*Task objective*:
The entries that follow should be reproduced exactly, with no images carried over.

(Data extracted from a collection)

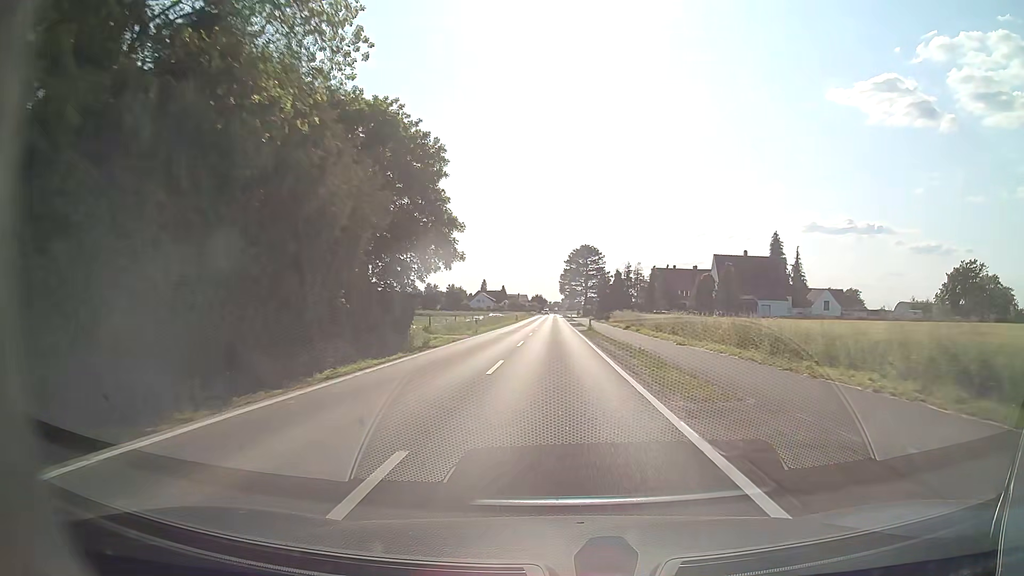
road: tertiary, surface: asphalt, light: Day
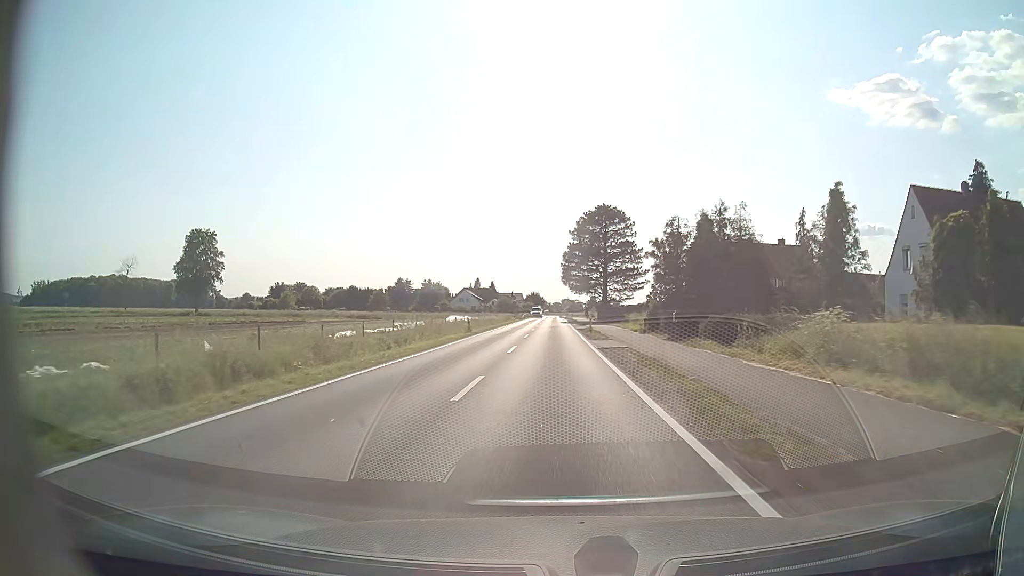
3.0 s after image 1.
(-0.3, +52.5) m; 0°
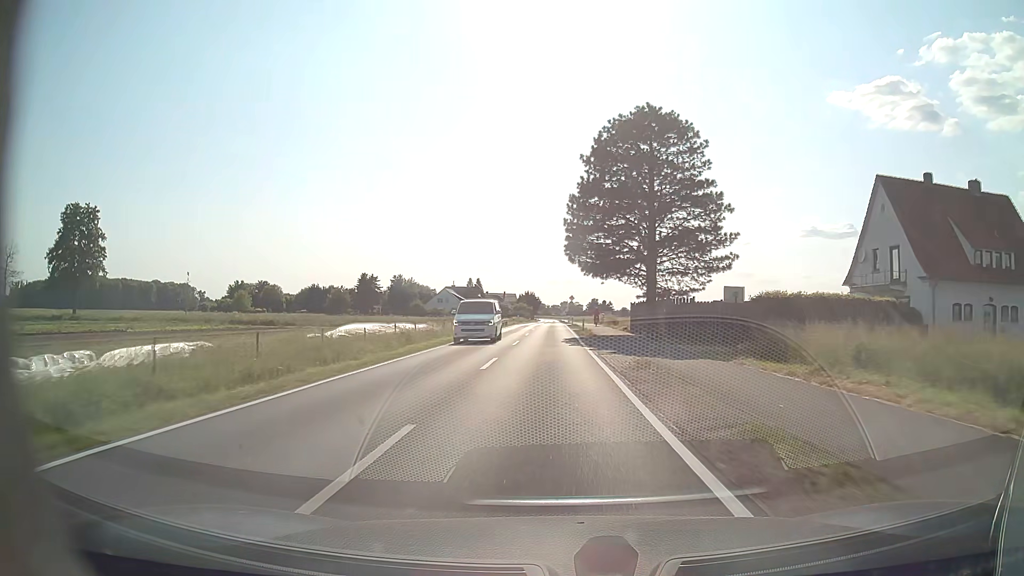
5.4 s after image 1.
(0.0, +42.2) m; 0°
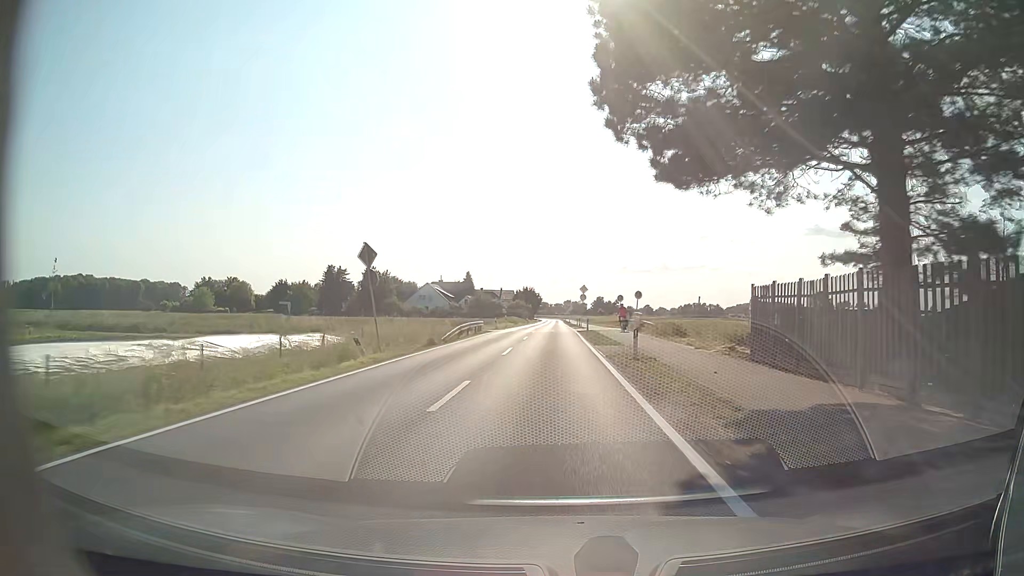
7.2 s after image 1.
(0.0, +31.1) m; 0°
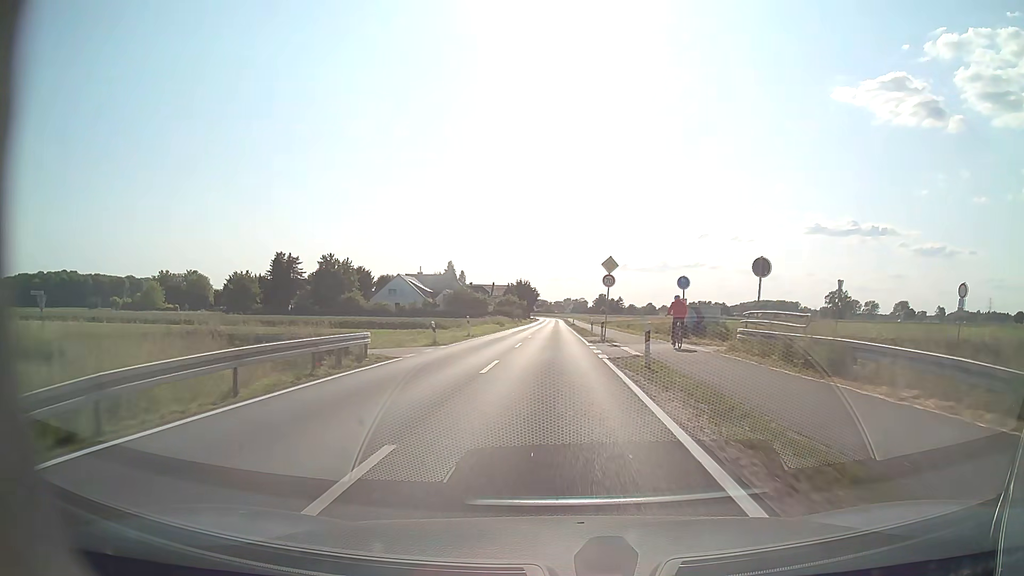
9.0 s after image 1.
(0.0, +30.5) m; 0°
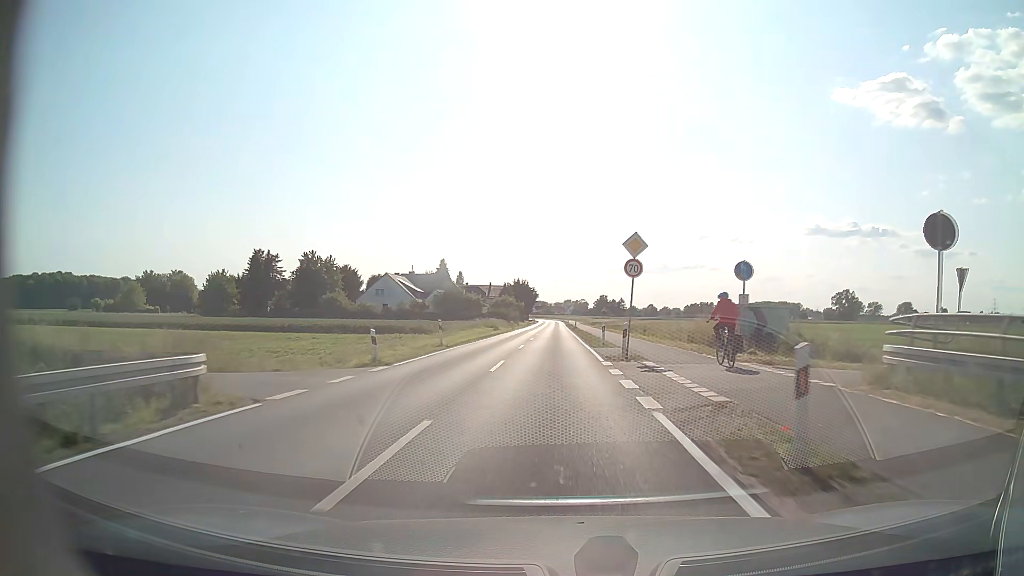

*Task output*:
road: tertiary, surface: asphalt, light: Day
3.0 s after image 1.
(-0.3, +52.5) m; 0°
5.4 s after image 1.
(0.0, +42.2) m; 0°
7.2 s after image 1.
(0.0, +31.1) m; 0°
9.0 s after image 1.
(0.0, +30.5) m; 0°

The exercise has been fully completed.